З життя
Разрушенная семейная идиллия

Мой семейный очаг рассыпался в прах.
Мне шестьдесят, мужу — шестьдесят шесть. Скоро мы подадим на развод. Тридцать пять лет брака, которые казались нерушимыми, теперь выглядят как обман. Я, Валентина Петровна, а он — Николай Сергеевич. Жили душа в душу в тихом городке под Калугой. Но всё рухнуло в один миг, и теперь я стою на краю пустоты с разорванным сердцем и горечью предательства.
Мы прожили с Николаем больше тридцати лет. Всё началось под Рождество. Дети разъехались по друзьям, оставив нам своего пса. Николай, сославшись на тоску и долгие каникулы, собрался в соседний город — навестить родительские могилы и заглянуть к сестре. Я не спорила — он часто ездил туда. Уехал, а я осталась дома, даже не подозревая, что это станет последней каплей.
Через неделю он вернулся, но будто подменённый. Взгляд пустой, слова — как лёд. А ещё через семь дней грянуло, как гром среди ясного неба: «Хочу развода. Ты мне не нужна. Есть другая — она спасёт меня». Я онемела, лишь пробормотала, что это его выбор, а внутри — обвал.
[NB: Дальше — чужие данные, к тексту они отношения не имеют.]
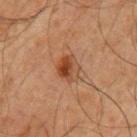This lesion was catalogued during total-body skin photography and was not selected for biopsy.
The patient is a male in their mid- to late 60s.
Automated image analysis of the tile measured a mean CIELAB color near L≈37 a*≈20 b*≈29, roughly 9 lightness units darker than nearby skin, and a normalized lesion–skin contrast near 8. The analysis additionally found a lesion-detection confidence of about 100/100.
Longest diameter approximately 3 mm.
From the left upper arm.
This is a cross-polarized tile.
A 15 mm crop from a total-body photograph taken for skin-cancer surveillance.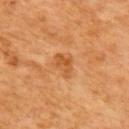biopsy status: no biopsy performed (imaged during a skin exam)
image-analysis metrics: two-axis asymmetry of about 0.35; an average lesion color of about L≈54 a*≈27 b*≈44 (CIELAB) and roughly 9 lightness units darker than nearby skin
image source: ~15 mm tile from a whole-body skin photo
size: about 2.5 mm
lighting: cross-polarized illumination
patient: female, roughly 65 years of age
anatomic site: the upper back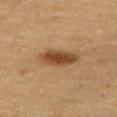Part of a total-body skin-imaging series; this lesion was reviewed on a skin check and was not flagged for biopsy. A female patient, roughly 55 years of age. Captured under cross-polarized illumination. The lesion's longest dimension is about 5 mm. A 15 mm close-up tile from a total-body photography series done for melanoma screening. The lesion is located on the right thigh.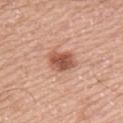| field | value |
|---|---|
| notes | catalogued during a skin exam; not biopsied |
| image source | ~15 mm tile from a whole-body skin photo |
| automated metrics | a nevus-likeness score of about 95/100 and lesion-presence confidence of about 100/100 |
| illumination | white-light illumination |
| subject | male, in their mid-60s |
| site | the left upper arm |

Потом выяснилось: та женщина, с которой он встречался сорок лет назад, нашла его в соцсетях. Они стали переписываться. Она жила как раз в том городе, куда он ездил, и «визит к сестре» оказался ложью — он три дня провёл у неё.
Он рассказывал, будто они сразу нашли общий язык. Она — вдова, уверенная в себе, с квартирой в центре, дачей под Сочи и парой иномарок. Николай жаловался ей на жизнь: на то, что чувствует себя лишним, что здоровье подводит. А она, называя себя знахаркой, пообещала «исцелить» его. Говорила, что лечит травами, видит будущее и даже рак на ранних стадиях может остановить. Сулила золотые горы: разведётся со мной — получит дачу, машину и вечную заботу. Так начался этот бред.
Николай требовал, чтобы я бежала в загс и подписала бумаги. Я отказалась — не настолько глупа, чтобы танцевать под его дудку. Тогда он сам подал в суд. О заседании узнала случайно, когда решила проверить, куда он исчезает. В иске он написал, что мы пятнадцать лет не спали в одной кровати, а шесть лет вообще жили порознь. Чистейшая ложь! Я всё отрицаю, но сердце сжимается — будто проваливаюсь в трясину.
Теперь он смотрит на меня, как на чужую. А как назвать эту шестидесятипятилетнюю «ведьму», что расколотила нашу жизнь? Что она сделала с ним? Николай признался ей, что каждый день выпивает по сто грамм, хотя у него одна почка. А она ответила: «Ничего страшного». Безумие! Когда я умоляла его опомниться, он бросил: «Мы давно чужие. Этот брак — труп».
Вот и всё. В шестьдесят остаться одной — как выйти зимой в чистом поле. Тридцать пять лет привыкала к нему, к его упрямству, к нашему быту. А он, выходит, не ценил ничего. Теперь передо мной — пустота. И один вопрос: как идти дальше, если прошлое рассыпалось в пепел?